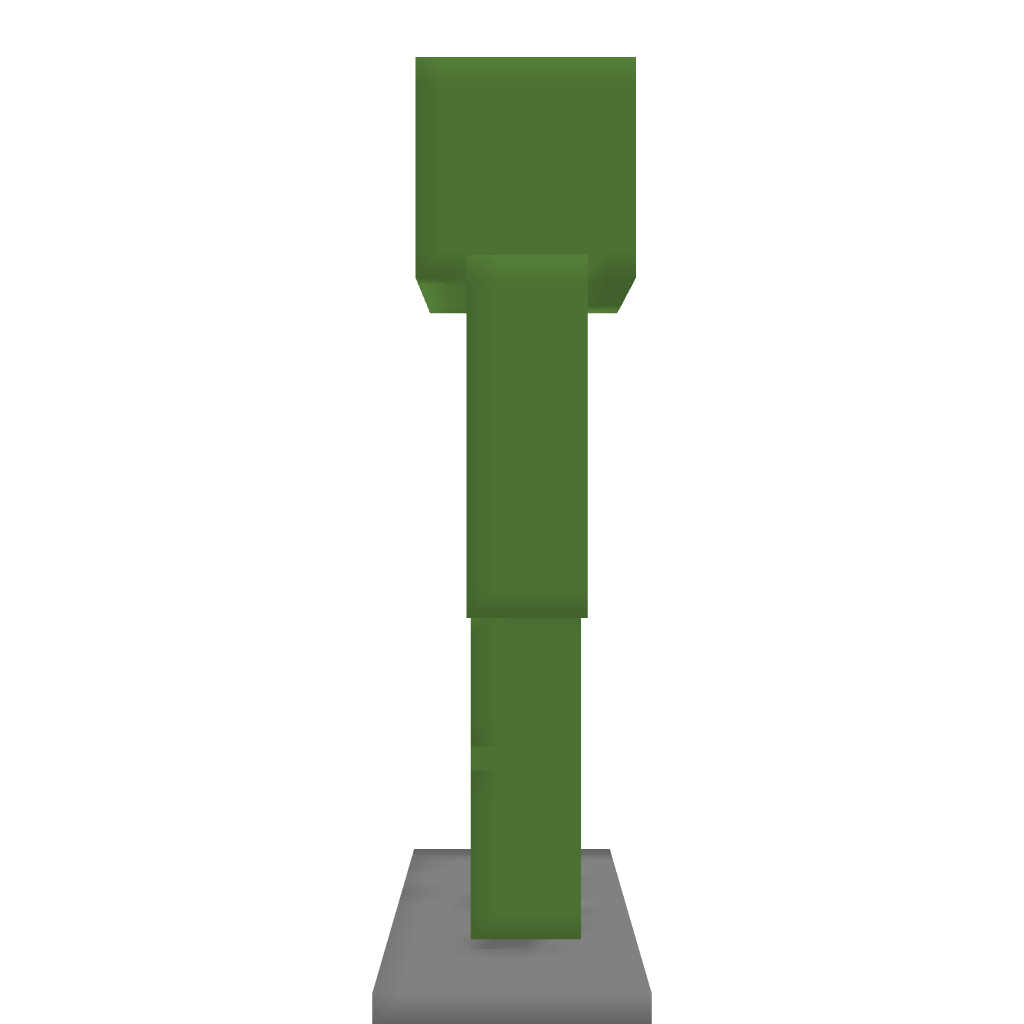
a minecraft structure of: TNTskin
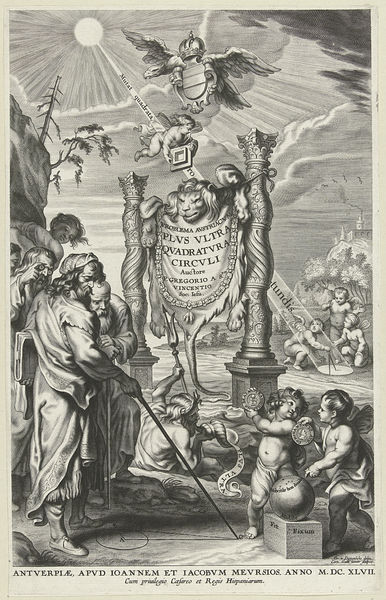
Titel: Titelpagina voor: Gregorius à Sancto Vincentio, Problema Austriacum plvs vltra qvadratvra circvli , Antwerpen: 1647
Künstler: Cornelis (II) Galle
Standort: Amsterdam
Institution: Rijksmuseum
Schlagwörter: berg, felsen, flügel, himmel, mann, wolken, männer, säulen, bart, sockel, vögel, sonne, gewand, stock, turm, engel, schrift, buch, burg, radierung, stich, kugel, allegorie, löwenkopf, wappen, dürer, putten, putti, winkel, liegender, spielende engel
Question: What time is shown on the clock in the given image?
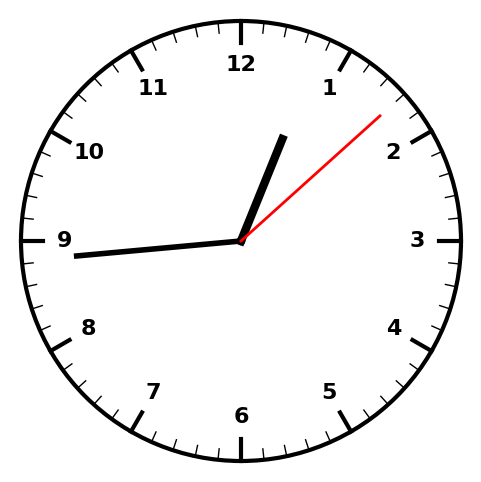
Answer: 12:44:08
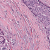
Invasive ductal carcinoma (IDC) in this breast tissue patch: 1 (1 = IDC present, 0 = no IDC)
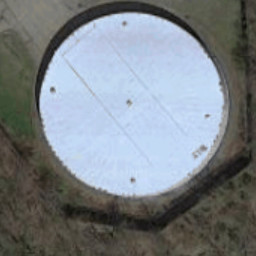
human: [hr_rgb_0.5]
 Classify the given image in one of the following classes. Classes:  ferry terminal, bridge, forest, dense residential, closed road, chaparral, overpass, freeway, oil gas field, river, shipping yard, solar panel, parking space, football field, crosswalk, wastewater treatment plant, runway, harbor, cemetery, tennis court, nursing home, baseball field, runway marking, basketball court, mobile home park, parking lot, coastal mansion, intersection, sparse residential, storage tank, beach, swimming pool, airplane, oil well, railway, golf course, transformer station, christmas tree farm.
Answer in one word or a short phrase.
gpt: storage tank
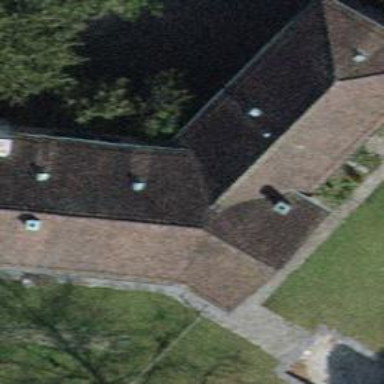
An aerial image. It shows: Building with gabled roof.
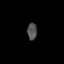
Tissue: skin
Cell type: Epithelial cells
Senescence score: 0.284
Nuclear area (px): 160
Mean DAPI intensity: 80.106

Directions: Line by line and exactly, reproduce the span from the line with "Classify the given" through the end of the data above, both ends included, with pictures left out.

Result for this task:
 Classify the given image in one of the following classes. Classes:  ferry terminal, bridge, forest, dense residential, closed road, chaparral, overpass, freeway, oil gas field, river, shipping yard, solar panel, parking space, football field, crosswalk, wastewater treatment plant, runway, harbor, cemetery, tennis court, nursing home, baseball field, runway marking, basketball court, mobile home park, parking lot, coastal mansion, intersection, sparse residential, storage tank, beach, swimming pool, airplane, oil well, railway, golf course, transformer station, christmas tree farm.
Answer in one word or a short phrase.
gpt: storage tank
An aerial image. It shows: Building with gabled roof.
Tissue: skin
Cell type: Epithelial cells
Senescence score: 0.284
Nuclear area (px): 160
Mean DAPI intensity: 80.106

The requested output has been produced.